• [WORKING DATA]
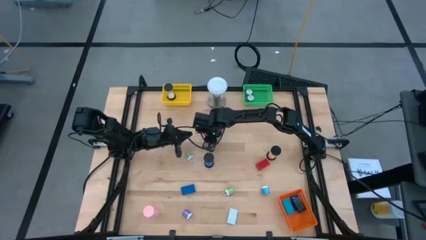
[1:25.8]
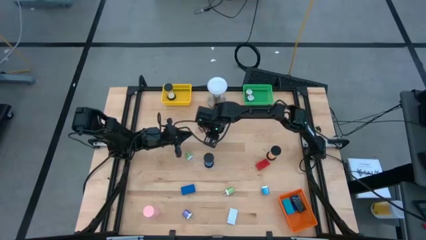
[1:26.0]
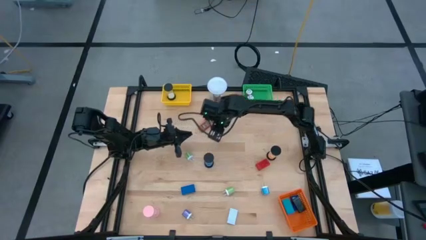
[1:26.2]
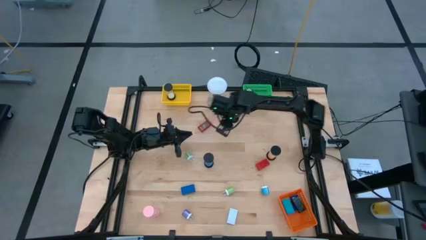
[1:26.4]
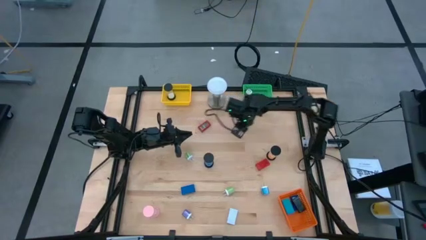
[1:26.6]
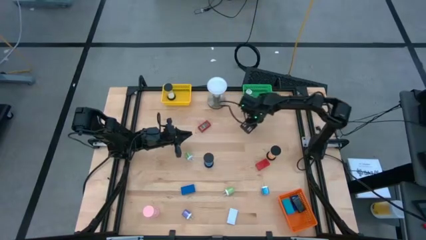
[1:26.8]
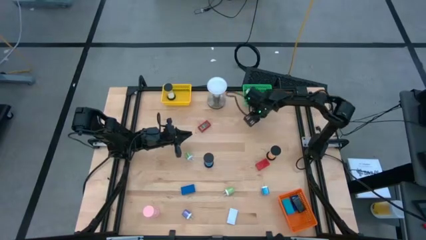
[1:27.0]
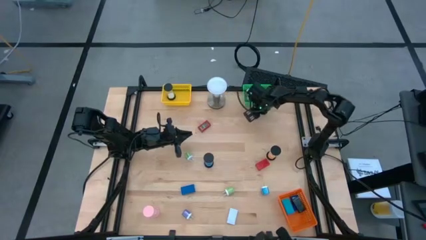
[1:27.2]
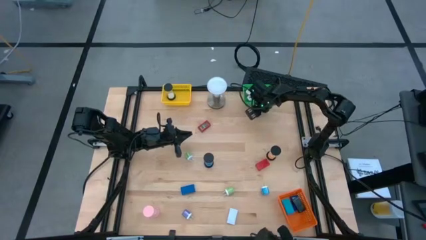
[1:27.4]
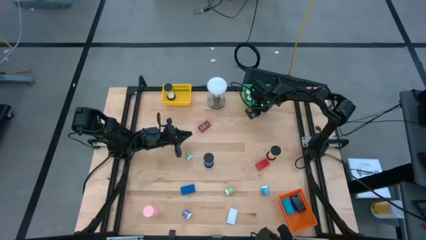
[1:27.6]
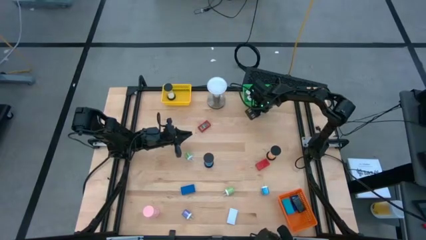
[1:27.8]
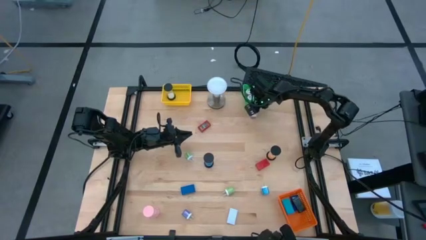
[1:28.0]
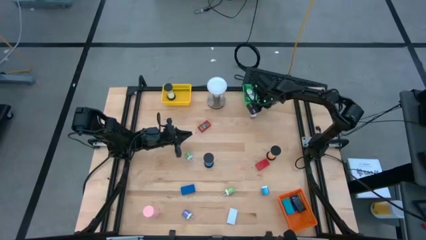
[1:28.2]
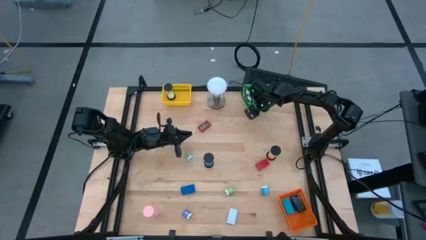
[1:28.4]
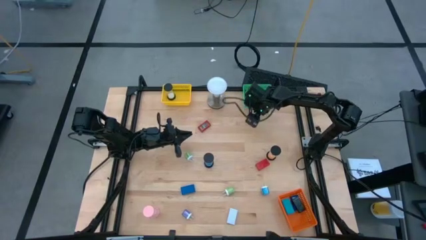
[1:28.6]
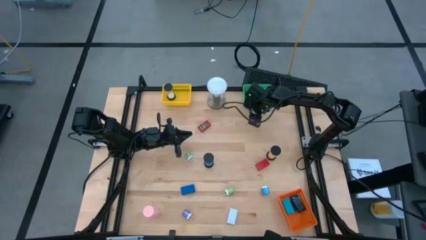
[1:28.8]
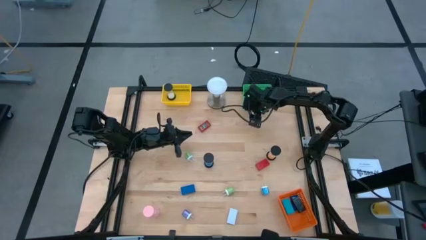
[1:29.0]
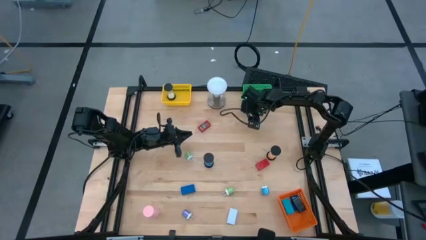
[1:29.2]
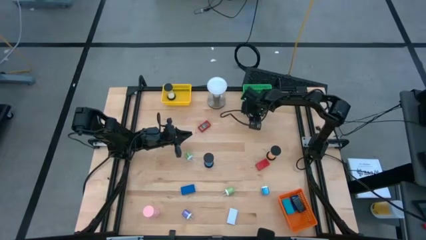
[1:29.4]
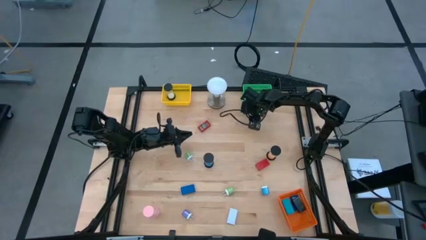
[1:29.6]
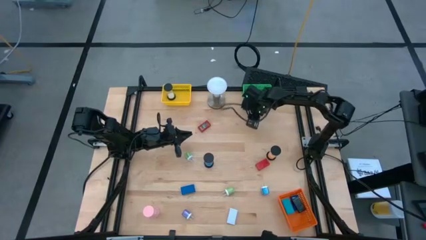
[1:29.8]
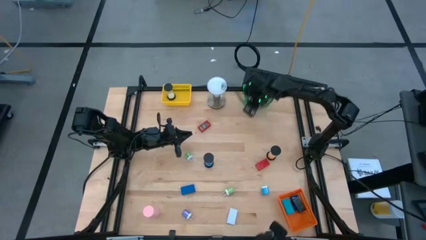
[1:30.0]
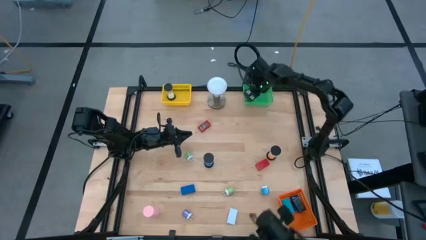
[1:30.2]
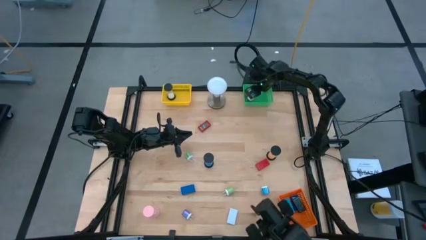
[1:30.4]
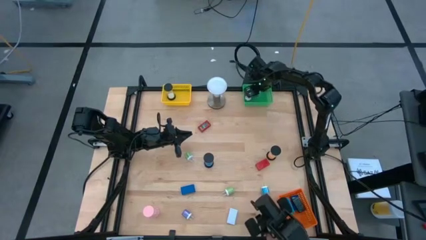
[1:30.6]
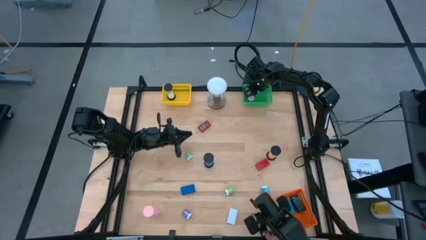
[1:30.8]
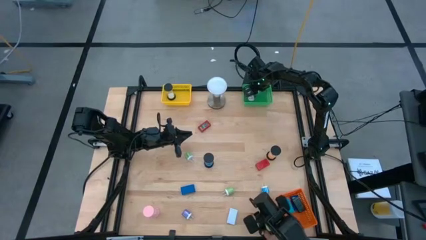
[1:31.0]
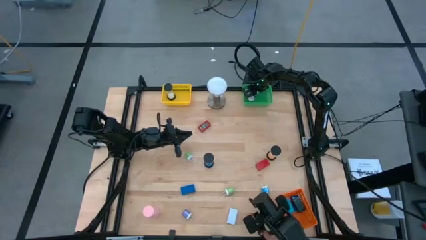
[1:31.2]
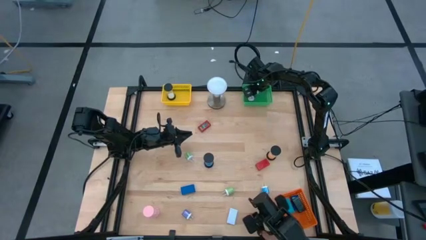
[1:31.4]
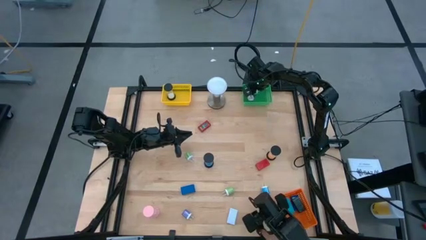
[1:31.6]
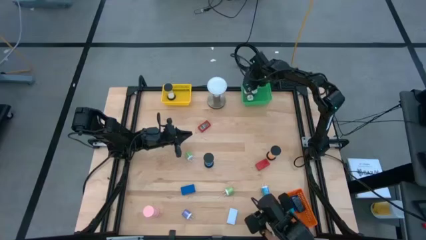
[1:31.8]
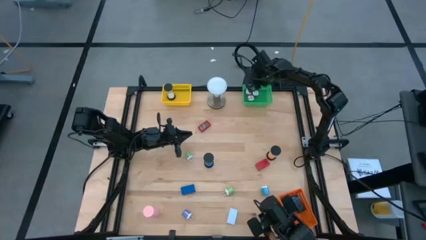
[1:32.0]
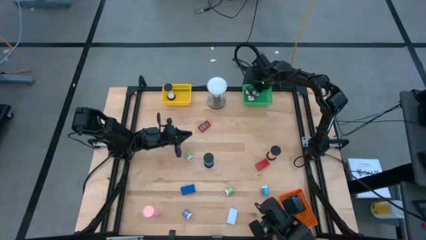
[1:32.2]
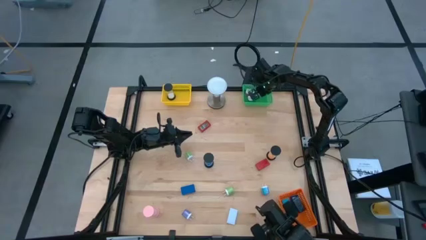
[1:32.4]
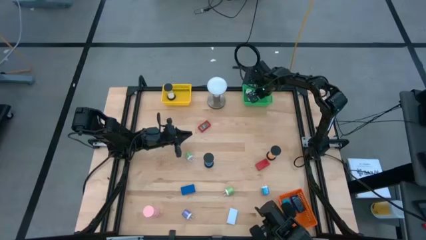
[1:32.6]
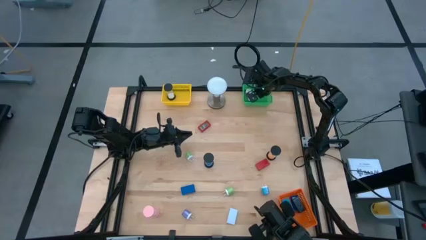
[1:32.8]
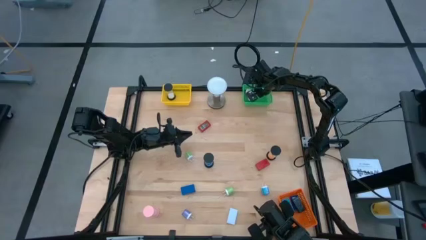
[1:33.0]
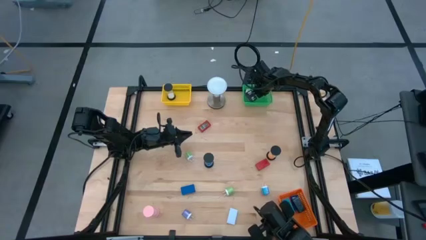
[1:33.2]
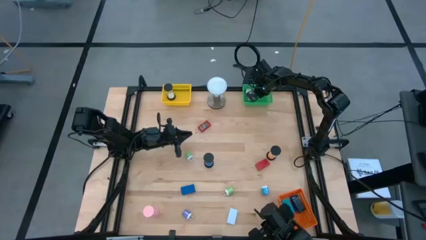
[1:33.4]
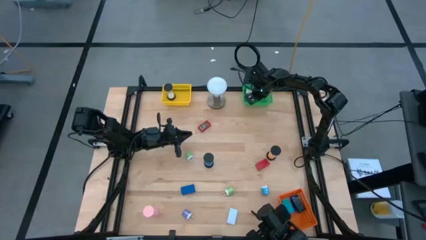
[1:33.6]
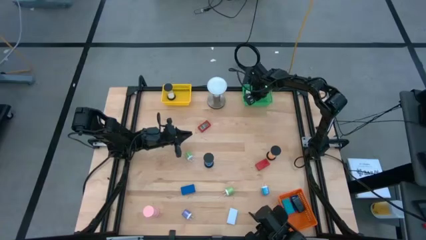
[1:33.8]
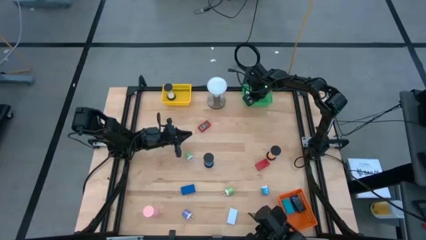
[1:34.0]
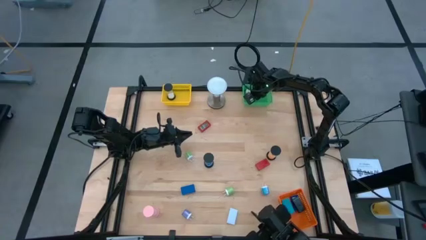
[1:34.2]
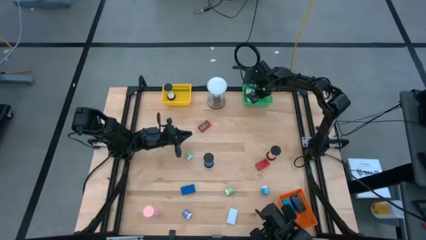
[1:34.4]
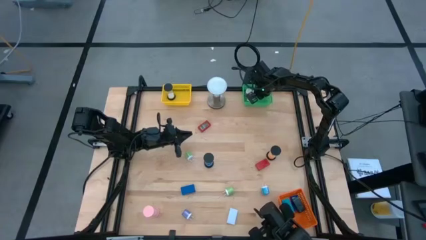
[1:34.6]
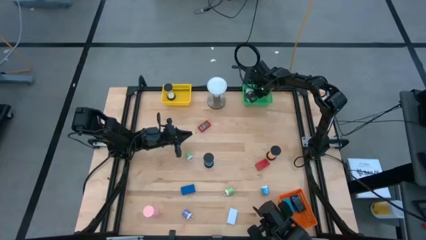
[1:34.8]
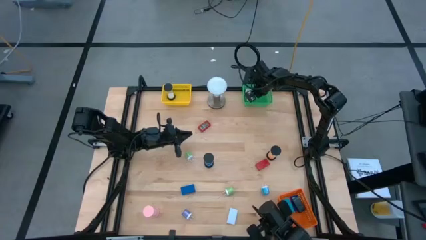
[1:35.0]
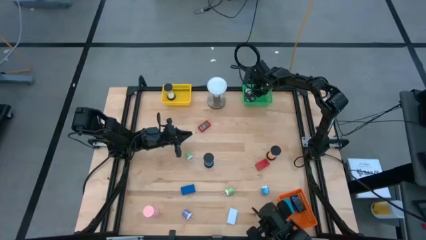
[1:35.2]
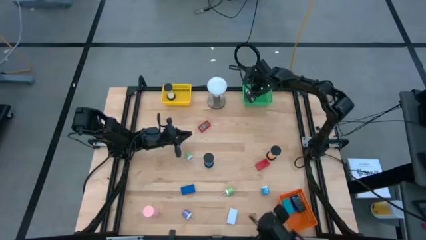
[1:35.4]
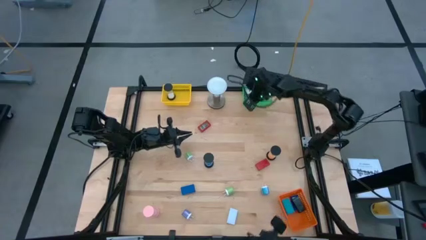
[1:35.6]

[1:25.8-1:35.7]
Task: Pick & Place Office items
Put the top purple charger adapter into the green bin

• [DIRECTIONS FOR THIS TASK]
Print the material in full and exactly; the pictures must not be printed.

• [REPLY TO THE TASK]
[1:25.8]
[1:26.0]
[1:26.2]
[1:26.4]
[1:26.6]
[1:26.8]
[1:27.0]
[1:27.2]
[1:27.4]
[1:27.6]
[1:27.8]
[1:28.0]
[1:28.2]
[1:28.4]
[1:28.6]
[1:28.8]
[1:29.0]
[1:29.2]
[1:29.4]
[1:29.6]
[1:29.8]
[1:30.0]
[1:30.2]
[1:30.4]
[1:30.6]
[1:30.8]
[1:31.0]
[1:31.2]
[1:31.4]
[1:31.6]
[1:31.8]
[1:32.0]
[1:32.2]
[1:32.4]
[1:32.6]
[1:32.8]
[1:33.0]
[1:33.2]
[1:33.4]
[1:33.6]
[1:33.8]
[1:34.0]
[1:34.2]
[1:34.4]
[1:34.6]
[1:34.8]
[1:35.0]
[1:35.2]
[1:35.4]
[1:35.6]

[1:25.8-1:35.7]
Task: Pick & Place Office items
Put the top purple charger adapter into the green bin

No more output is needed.